In any case, after a time, he appeared to give up on etiology and started referring to my pain as the "flip side of my depression." I never accepted that model. But why, I now wonder, should I reject it out of hand? After all, I found I could manage my facial pain to a certain degree using the same meds that have, much more successfully, managed my bodily pain: Xanax and Elavil. That is to say, by an anti-anxiety drug and an anti-depressant. This made it difficult for me to claim confidently to others and myself that it was not “all in my mind.” I would explain, for instance, that I was not taking Elavil in doses large enough to lift one from depression. I could also point out that, when prescribed antidepressants in large enough doses to be effective on my mood, there was no effect on my pain. The same is true of various other modalities I’ve tried, like biofeedback, guided mediation, acupuncture, and therapeutic massage. But, secretly, I harbored the fear that maybe stress and depression lay at the root of my symptoms.

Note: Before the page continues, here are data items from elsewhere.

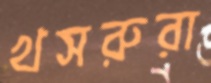
খসরুরা
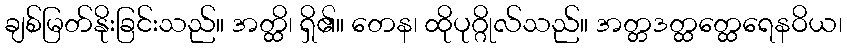
ချစ်မြတ်နိုးခြင်းသည်။ အတ္ထိ၊ ရှိ၏။ တေန၊ ထိုပုဂ္ဂိုလ်သည်။ အတ္တဒတ္ထတ္ထေရေနဝိယ၊
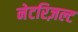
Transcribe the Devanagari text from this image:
नेटरिज़ल्ट
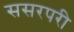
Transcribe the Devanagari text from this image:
ससरपरी
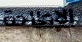
الإطاحة
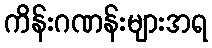
ကိန်းဂဏန်းများအရ
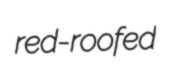
red-roofed
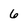
Character: 6
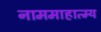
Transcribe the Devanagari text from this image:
नाममाहात्म्य
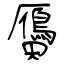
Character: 贗
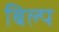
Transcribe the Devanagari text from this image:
बिल्प
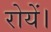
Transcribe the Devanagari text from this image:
रोयें।
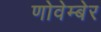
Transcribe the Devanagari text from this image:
णोवेम्बेर
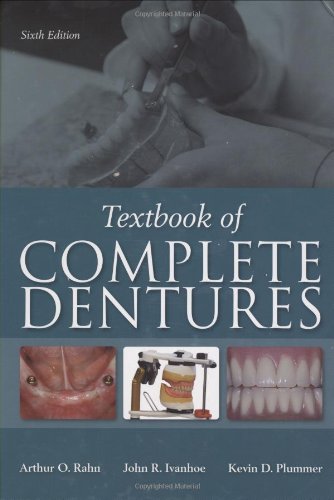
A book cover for Textbook of Complete Dentures, 6th Edition; Arthur O. Rahn; Medical Books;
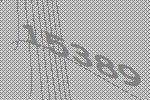
15389
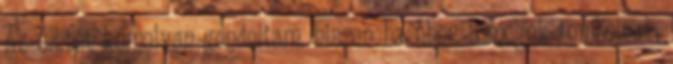
Az életét komolyan gondoltam, hiszen ha éhes tömegek tombolnak,
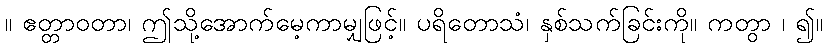
။ ဧတ္တာဝတာ၊ ဤသို့အောက်မေ့ကာမျှဖြင့်။ ပရိတောသံ၊ နှစ်သက်ခြင်းကို။ ကတွာ ၊ ၍။
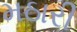
મઠારી
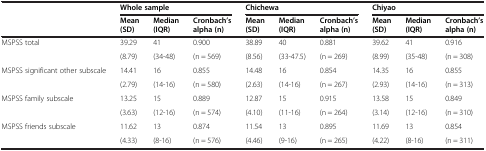
<table><thead><tr><td><b> </b></td><td colspan="3"><b>Whole sample</b></td><td colspan="3"><b>Chichewa</b></td><td colspan="3"><b>Chiyao</b></td></tr><tr><td><b> </b></td><td><b>Mean (SD)</b></td><td><b>Median (IQR)</b></td><td><b>Cronbach’s alpha (n)</b></td><td><b>Mean (SD)</b></td><td><b>Median (IQR)</b></td><td><b>Cronbach’s alpha (n)</b></td><td><b>Mean (SD)</b></td><td><b>Median (IQR)</b></td><td><b>Cronbach’s alpha (n)</b></td></tr></thead><tbody><tr><td rowspan="2">MSPSS total</td><td>39.29</td><td>41</td><td>0.900</td><td>38.89</td><td>40</td><td>0.881</td><td>39.62</td><td>41</td><td>0.916</td></tr><tr><td>(8.79)</td><td>(34-48)</td><td>(n = 569)</td><td>(8.56)</td><td>(33-47.5)</td><td>(n = 269)</td><td>(8.99)</td><td>(35-48)</td><td>(n = 308)</td></tr><tr><td rowspan="2">MSPSS significant other subscale</td><td>14.41</td><td>16</td><td>0.855</td><td>14.48</td><td>16</td><td>0.854</td><td>14.35</td><td>16</td><td>0.855</td></tr><tr><td>(2.79)</td><td>(14-16)</td><td>(n = 580)</td><td>(2.63)</td><td>(14-16)</td><td>(n = 267)</td><td>(2.93)</td><td>(14-16)</td><td>(n = 313)</td></tr><tr><td rowspan="2">MSPSS family subscale</td><td>13.25</td><td>15</td><td>0.889</td><td>12.87</td><td>15</td><td>0.915</td><td>13.58</td><td>15</td><td>0.849</td></tr><tr><td>(3.63)</td><td>(12-16)</td><td>(n = 574)</td><td>(4.10)</td><td>(11-16)</td><td>(n = 264)</td><td>(3.14)</td><td>(12-16)</td><td>(n = 310)</td></tr><tr><td>MSPSS friends subscale</td><td>11.62</td><td>13</td><td>0.874</td><td>11.54</td><td>13</td><td>0.895</td><td>11.69</td><td>13</td><td>0.854</td></tr><tr><td> </td><td>(4.33)</td><td>(8-16)</td><td>(n = 576)</td><td>(4.46)</td><td>(9-16)</td><td>(n = 265)</td><td>(4.22)</td><td>(8-16)</td><td>(n = 311)</td></tr></tbody></table>
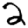
Digit: 2
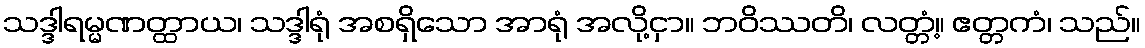
သဒ္ဒါရမ္မဏတ္ထာယ၊ သဒ္ဒါရုံ အစရှိသော အာရုံ အလို့ငှာ။ ဘဝိဿတိ၊ လတ္တံ့။ ဧတ္တကံ၊ သည်။
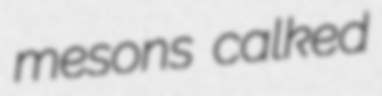
mesons calked
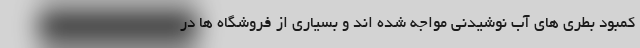
کمبود بطری های آب نوشیدنی مواجه شده اند و بسیاری از فروشگاه ها در
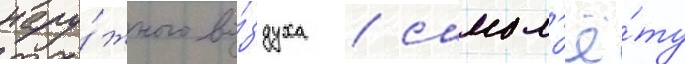
нару́жного во́здуха / самол'ё́ту
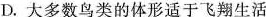
D. 大多数鸟类的体形适于飞翔生活

So here are my questions: despite the fact that ATN is a less ego-bruising diagnosis than AFP, how is ATN any less a “wastebasket term” than AFP? That “A” in AFP and ATN raises more questions than it answers. In Striking Back, Dr. Casey and co-author, present, without criticism, another doctor’s model for facial pain in which AFP is just one of seven types and is marked by the presence of pain outside the radius of the trigeminal nerve’s influence (like the pain of fibromyalgia). This type is characterized as psychogenic.
Casey’s recently released video talk would seem to reject this notion. But apart from the virtue of preserving my ego, what reason is there for rejecting the psychogenic hypothesis? What exactly is the difference between the two diagnoses? Do MRIs of ATN sufferers look like MRIs of TN1 sufferers or do they look like MRIs of those who are pain-free.
And even if the former show pain in the brain, why couldn’t it be psychogenic? Maybe the “unknown etiology” of some cases called AFP is indeed psychogenic. Maybe some people in this group now diagnosed as having ATN, by a doctor or by the Internet (by themselves or by others who believe they have ATN), really do have AFP: a physical disease caused by emotion, and amenable to treatment by an emotion doctor, only they’d rather not think so for reasons of ego alone. In my own case, maybe my responsiveness to Xanax reflects this fact. On the other hand, maybe Xanax works for me because my out-of-whack nervous system, whatever the cause (a virus, a phobia, or bad dentistry), needs continual quieting.
I now have a neurologist who seems to have little experience with TN. He accepts my diagnosis because his drug of choice for AFP and ATN is the same: Elavil. There is almost no point in going to him if I’m interested in new meds or treatment modalities. And, to be honest, I don’t know how interested I am, since I fear the possibility of the pain getting worse, not better, with no getting back to where I am now. Also, I’m now facing other medical problems, problems not conjured up by my life-long hypochondria. I now know what it is like for a blood test to come back positive –- and to experience potentially life-threatening, not just chronic, illness.
But whatever I choose to do now about the pain, I would still like to find out WHAT THE HECK IS GOING ON HERE. This pain has marred my life. Even if no one else quite sees it, I believe I’ve carried on almost heroically, looking normal while feeling like hell. The seeker in me just wants to know what caused this hell.